Milei e irmã foram retirados às pressas de carreata na Grande Buenos Aires
O presidente da Argentina, Javier Milei, e sua irmã e secretária-geral da Presidência, Karina, precisaram ser retirados às pressas de uma carreata de campanha na quarta-feira (27) na cidade de Lomas de Zamora, na Grande Buenos Aires, após manifestantes indignados com a corrupção ao estilo motosserra e com os cortes no apoio aos deficientes físicos reagirem com pedras e garrafas de água à declaração dele, aos gritos, da traseira da caminhonete, que “tudo o que ele (Diego Spagnuolo) diz é mentira, vamos levá-lo à justiça e provar que mentiu”.

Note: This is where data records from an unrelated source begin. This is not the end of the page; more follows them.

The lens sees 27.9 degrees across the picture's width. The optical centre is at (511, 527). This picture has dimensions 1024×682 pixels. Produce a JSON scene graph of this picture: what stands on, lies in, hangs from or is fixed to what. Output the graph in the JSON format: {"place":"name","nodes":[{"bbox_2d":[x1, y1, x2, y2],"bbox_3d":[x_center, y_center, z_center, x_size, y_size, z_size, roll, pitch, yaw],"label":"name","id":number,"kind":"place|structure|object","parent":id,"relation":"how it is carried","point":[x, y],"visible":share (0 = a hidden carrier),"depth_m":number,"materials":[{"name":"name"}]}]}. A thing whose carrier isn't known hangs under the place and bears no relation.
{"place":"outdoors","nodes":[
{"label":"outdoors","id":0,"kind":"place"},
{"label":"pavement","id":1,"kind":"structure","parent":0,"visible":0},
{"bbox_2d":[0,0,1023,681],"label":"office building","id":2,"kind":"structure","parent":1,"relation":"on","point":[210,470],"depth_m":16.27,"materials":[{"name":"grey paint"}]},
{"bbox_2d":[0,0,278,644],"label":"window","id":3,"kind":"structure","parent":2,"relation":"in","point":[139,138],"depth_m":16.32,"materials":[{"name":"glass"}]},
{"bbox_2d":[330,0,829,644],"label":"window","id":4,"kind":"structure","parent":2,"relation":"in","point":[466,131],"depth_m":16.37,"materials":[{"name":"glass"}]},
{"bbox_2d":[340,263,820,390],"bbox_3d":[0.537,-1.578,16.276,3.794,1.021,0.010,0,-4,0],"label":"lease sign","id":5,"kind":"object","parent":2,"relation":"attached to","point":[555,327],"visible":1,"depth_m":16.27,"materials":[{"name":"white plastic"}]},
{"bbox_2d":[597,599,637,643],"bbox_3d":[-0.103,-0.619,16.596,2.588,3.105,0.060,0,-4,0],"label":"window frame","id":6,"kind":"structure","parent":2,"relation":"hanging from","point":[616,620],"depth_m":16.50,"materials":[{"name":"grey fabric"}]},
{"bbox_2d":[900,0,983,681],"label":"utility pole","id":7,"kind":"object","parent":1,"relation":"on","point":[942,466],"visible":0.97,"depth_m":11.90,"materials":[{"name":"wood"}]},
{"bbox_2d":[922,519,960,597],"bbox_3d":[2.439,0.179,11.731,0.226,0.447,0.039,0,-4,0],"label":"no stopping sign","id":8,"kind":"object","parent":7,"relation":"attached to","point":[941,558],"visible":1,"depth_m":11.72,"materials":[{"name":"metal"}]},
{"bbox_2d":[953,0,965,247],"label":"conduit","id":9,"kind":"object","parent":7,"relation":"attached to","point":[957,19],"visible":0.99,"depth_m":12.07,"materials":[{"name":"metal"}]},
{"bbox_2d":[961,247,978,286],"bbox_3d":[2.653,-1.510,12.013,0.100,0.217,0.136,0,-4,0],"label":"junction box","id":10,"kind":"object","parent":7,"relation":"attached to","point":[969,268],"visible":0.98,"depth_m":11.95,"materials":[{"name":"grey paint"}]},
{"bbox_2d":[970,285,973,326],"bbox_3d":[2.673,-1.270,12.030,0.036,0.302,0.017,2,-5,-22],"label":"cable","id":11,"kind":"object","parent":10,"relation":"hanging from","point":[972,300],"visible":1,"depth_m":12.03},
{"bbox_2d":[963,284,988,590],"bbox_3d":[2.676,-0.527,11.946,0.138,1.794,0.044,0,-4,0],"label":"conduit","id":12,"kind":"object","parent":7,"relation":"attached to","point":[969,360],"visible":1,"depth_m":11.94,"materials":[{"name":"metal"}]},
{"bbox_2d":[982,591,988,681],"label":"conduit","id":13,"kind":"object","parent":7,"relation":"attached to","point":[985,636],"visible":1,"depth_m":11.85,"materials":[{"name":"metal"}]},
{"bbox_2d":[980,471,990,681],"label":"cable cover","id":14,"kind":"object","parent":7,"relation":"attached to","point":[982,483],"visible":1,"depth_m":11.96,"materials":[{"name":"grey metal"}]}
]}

Segundo o relato do jornal argentino Página 12, a caravana mal percorreu duas quadras quando o caldo entornou, com o presidente e sua comitiva apinhados na caçamba da picape branca fugindo “a toda velocidade para se refugiar na Quinta de Olivos”.
O citado Spagnuolo, a quem são atribuídos os áudios da corrupção que chocam o país, advogado pessoal de Milei e por ele nomeado diretor da Andis, está sob investigação da justiça e proibido de deixar o país.

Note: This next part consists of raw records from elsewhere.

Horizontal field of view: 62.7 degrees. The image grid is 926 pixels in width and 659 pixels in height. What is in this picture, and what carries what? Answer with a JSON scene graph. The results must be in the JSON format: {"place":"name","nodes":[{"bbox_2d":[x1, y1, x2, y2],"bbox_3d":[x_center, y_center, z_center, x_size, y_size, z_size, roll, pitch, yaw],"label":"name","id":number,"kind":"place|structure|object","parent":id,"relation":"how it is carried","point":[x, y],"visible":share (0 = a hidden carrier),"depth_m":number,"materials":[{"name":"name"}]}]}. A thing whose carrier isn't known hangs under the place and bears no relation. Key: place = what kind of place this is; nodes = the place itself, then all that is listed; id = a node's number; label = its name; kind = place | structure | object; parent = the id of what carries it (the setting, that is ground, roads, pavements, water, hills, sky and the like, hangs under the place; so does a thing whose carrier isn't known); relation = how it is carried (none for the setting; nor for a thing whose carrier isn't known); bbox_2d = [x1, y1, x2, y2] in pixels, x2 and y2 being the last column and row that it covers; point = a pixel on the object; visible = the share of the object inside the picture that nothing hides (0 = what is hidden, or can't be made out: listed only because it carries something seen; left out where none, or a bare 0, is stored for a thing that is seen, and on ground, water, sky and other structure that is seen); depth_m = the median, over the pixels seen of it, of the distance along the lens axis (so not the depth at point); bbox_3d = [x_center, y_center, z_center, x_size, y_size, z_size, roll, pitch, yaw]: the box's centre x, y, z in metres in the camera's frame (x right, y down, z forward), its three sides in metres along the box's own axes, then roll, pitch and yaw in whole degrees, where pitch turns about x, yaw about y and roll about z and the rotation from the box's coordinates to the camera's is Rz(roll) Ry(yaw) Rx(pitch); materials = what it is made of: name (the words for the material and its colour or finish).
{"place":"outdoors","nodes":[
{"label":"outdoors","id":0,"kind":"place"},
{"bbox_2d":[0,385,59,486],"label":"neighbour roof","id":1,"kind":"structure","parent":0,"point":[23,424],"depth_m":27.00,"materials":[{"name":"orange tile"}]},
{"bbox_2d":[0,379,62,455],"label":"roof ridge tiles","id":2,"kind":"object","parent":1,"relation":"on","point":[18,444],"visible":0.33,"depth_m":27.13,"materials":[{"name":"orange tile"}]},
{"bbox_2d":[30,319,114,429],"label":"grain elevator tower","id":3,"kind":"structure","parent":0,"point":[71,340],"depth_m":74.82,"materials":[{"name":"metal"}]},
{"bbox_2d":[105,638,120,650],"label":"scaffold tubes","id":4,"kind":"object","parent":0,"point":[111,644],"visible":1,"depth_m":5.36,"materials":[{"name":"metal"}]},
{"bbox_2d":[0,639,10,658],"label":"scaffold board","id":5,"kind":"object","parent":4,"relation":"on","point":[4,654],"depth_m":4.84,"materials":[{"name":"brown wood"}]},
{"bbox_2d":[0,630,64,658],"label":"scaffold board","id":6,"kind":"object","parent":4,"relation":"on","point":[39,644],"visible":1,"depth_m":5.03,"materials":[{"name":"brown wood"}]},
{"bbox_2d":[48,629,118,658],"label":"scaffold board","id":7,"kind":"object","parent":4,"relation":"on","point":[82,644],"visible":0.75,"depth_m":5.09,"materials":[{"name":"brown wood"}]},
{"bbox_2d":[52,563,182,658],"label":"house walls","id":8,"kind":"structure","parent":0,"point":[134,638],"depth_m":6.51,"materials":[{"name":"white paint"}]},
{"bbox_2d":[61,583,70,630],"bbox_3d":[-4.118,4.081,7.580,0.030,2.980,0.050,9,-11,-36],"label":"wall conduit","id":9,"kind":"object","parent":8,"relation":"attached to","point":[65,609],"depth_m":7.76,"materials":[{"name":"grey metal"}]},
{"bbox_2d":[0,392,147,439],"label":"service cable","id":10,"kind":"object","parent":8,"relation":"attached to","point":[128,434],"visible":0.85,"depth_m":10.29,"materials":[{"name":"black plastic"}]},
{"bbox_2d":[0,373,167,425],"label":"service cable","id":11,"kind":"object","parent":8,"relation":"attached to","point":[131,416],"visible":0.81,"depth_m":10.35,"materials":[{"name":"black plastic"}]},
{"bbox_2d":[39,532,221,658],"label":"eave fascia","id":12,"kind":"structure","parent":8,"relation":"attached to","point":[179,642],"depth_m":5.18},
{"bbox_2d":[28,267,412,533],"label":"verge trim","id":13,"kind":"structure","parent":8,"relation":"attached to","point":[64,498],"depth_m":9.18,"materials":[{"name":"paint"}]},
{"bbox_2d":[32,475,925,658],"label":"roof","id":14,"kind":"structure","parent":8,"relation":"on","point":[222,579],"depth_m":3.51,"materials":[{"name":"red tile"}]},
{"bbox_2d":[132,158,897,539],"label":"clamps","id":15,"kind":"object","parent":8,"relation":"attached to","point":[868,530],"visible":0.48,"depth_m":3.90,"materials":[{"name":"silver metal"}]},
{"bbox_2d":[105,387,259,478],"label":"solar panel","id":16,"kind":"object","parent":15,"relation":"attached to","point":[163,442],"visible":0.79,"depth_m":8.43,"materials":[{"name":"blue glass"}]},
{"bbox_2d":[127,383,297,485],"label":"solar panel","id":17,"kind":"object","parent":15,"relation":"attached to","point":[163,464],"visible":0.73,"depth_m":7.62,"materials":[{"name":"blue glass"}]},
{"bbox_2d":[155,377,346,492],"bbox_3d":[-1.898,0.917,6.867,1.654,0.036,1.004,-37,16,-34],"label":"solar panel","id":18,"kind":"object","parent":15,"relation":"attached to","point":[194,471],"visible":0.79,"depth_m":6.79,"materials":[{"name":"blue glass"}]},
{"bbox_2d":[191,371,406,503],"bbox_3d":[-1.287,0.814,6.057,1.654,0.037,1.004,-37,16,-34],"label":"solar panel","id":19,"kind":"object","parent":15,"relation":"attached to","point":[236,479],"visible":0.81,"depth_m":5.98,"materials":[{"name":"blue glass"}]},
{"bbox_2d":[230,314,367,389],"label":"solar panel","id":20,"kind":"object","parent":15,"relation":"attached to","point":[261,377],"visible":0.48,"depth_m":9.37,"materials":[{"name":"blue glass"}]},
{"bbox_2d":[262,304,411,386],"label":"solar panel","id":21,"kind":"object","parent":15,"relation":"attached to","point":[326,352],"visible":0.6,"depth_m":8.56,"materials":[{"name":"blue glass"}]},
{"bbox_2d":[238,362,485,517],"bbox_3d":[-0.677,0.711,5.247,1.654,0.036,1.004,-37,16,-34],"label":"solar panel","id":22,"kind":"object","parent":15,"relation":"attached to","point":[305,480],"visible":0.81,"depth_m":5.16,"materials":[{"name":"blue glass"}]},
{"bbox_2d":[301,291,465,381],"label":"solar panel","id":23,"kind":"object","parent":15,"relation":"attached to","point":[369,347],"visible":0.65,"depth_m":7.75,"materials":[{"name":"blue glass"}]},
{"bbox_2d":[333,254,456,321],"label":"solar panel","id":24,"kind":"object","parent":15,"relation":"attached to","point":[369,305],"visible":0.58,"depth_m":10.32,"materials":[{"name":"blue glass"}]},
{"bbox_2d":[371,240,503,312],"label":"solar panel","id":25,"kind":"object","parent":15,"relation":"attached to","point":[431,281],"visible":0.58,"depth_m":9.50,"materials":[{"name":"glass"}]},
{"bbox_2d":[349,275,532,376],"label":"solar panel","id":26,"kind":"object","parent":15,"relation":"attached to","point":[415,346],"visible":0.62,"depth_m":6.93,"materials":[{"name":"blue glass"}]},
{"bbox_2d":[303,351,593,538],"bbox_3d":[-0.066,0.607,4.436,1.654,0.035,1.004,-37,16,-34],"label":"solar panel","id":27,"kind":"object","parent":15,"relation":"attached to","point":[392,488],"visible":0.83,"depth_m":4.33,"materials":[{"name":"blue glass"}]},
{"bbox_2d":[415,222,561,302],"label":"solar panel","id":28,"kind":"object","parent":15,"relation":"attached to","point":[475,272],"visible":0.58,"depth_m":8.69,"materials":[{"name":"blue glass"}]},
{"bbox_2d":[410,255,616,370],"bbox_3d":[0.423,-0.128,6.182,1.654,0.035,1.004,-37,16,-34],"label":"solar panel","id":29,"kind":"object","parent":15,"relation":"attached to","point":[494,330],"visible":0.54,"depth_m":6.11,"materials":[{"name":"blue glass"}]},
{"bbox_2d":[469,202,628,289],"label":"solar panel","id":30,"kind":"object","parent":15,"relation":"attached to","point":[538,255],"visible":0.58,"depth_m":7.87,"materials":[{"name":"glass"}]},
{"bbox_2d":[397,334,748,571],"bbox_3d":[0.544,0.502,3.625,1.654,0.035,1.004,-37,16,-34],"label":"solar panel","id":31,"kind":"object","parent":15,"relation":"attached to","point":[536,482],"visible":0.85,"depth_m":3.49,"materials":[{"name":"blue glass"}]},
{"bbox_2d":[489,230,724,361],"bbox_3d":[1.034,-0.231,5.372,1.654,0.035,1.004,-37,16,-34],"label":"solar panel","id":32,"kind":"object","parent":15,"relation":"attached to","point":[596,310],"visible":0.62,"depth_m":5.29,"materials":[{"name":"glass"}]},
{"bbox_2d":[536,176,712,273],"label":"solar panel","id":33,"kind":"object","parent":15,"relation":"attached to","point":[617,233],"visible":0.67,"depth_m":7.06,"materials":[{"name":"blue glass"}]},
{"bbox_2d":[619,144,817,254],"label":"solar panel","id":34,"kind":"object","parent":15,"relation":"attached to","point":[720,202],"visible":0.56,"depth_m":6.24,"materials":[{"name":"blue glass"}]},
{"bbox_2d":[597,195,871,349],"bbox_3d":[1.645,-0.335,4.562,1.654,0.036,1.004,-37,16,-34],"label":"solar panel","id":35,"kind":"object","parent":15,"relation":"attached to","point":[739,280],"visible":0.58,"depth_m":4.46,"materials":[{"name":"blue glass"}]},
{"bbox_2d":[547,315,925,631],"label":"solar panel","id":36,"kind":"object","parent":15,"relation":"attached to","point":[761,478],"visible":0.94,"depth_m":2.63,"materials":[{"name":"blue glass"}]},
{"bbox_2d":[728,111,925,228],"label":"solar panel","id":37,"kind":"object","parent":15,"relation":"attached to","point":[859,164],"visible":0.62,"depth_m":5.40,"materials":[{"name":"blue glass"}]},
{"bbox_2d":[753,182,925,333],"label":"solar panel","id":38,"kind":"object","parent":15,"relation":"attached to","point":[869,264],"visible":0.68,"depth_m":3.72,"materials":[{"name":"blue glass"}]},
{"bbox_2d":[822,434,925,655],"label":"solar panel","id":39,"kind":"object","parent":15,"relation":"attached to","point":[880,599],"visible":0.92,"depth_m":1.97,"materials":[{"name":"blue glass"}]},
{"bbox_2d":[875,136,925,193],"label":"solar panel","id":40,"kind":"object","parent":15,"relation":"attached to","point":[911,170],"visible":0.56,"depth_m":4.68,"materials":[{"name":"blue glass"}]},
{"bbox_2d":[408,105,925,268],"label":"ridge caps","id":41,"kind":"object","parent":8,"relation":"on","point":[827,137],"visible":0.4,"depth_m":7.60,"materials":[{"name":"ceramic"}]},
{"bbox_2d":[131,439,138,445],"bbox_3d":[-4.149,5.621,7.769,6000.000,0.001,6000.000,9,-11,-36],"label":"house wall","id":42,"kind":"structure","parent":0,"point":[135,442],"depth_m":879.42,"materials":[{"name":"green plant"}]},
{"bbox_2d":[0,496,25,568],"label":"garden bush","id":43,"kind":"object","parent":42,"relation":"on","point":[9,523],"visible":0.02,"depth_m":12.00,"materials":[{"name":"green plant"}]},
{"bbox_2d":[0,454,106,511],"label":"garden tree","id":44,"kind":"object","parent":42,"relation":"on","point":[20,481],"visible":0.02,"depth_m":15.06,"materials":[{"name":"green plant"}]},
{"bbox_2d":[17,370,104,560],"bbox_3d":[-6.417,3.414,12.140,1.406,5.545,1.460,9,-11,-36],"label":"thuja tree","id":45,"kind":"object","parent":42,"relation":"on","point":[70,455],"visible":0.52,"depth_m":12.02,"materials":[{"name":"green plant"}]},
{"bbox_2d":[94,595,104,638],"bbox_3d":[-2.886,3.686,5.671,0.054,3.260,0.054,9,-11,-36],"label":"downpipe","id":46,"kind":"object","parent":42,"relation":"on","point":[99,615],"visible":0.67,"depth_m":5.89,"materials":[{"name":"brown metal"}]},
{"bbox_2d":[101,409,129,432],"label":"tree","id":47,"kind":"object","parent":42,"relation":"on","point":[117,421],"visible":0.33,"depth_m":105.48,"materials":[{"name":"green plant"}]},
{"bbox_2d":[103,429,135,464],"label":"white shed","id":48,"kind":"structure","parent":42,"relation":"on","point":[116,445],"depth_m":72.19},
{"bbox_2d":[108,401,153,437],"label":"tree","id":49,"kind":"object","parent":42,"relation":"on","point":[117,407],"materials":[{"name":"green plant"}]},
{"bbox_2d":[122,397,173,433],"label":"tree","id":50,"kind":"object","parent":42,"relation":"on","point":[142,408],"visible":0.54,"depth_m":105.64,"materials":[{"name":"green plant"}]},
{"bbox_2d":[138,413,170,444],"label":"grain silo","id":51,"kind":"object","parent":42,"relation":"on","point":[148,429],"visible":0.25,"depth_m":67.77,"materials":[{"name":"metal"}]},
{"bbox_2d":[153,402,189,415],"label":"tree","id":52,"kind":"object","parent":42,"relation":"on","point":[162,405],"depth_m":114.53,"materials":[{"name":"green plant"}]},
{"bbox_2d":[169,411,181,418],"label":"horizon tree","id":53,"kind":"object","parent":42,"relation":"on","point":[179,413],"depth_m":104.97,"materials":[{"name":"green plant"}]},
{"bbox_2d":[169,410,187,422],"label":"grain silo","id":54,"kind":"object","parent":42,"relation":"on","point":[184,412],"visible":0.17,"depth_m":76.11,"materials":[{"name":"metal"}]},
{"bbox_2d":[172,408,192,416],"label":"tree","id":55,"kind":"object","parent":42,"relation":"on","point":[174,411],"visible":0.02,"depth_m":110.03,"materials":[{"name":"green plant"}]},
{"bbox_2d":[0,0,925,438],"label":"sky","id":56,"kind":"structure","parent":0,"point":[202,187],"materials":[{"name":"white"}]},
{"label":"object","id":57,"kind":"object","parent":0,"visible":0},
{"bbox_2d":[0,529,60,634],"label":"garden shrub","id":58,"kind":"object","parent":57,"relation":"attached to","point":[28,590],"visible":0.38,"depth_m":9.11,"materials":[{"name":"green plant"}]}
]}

O deputado José Luis Espert, um dos principais candidatos do La Libertad Avanza nas eleições legislativas de outubro, achou melhor se escafeder por conta própria, o que fez de moto e sem capacete. Segundo um porta-voz do governo argentino, ninguém se feriu.
O governo – acrescentou o Página 12 -, que incita constantemente a violência física e simbólica — aliás, o slogan de Espert é “cadeia ou bala” — e repete frases como “esquerdistas vão fugir” como um mantra, imediatamente reclamou da violência, e pessoas próximas ao presidente chegaram a chamá-la de “tentativa de assassinato”. “Como já é costume, eles também culparam o ‘kirchnerismo’ pelos ultrajes, sem apresentar nenhuma prova.”
Quarta-feira é o dia em que tradicionalmente os aposentados vão às ruas na Argentina protestar contra o arrocho decretado por Milei e a irmã de Milei, Karina, é o pivô do escândalo da corrupção na Andis, a Agência Nacional da Pessoa com Deficiência, com fornecedores pagando até 8% do contrato, conforme os áudios vazados. A parte de Karina seria de 3%.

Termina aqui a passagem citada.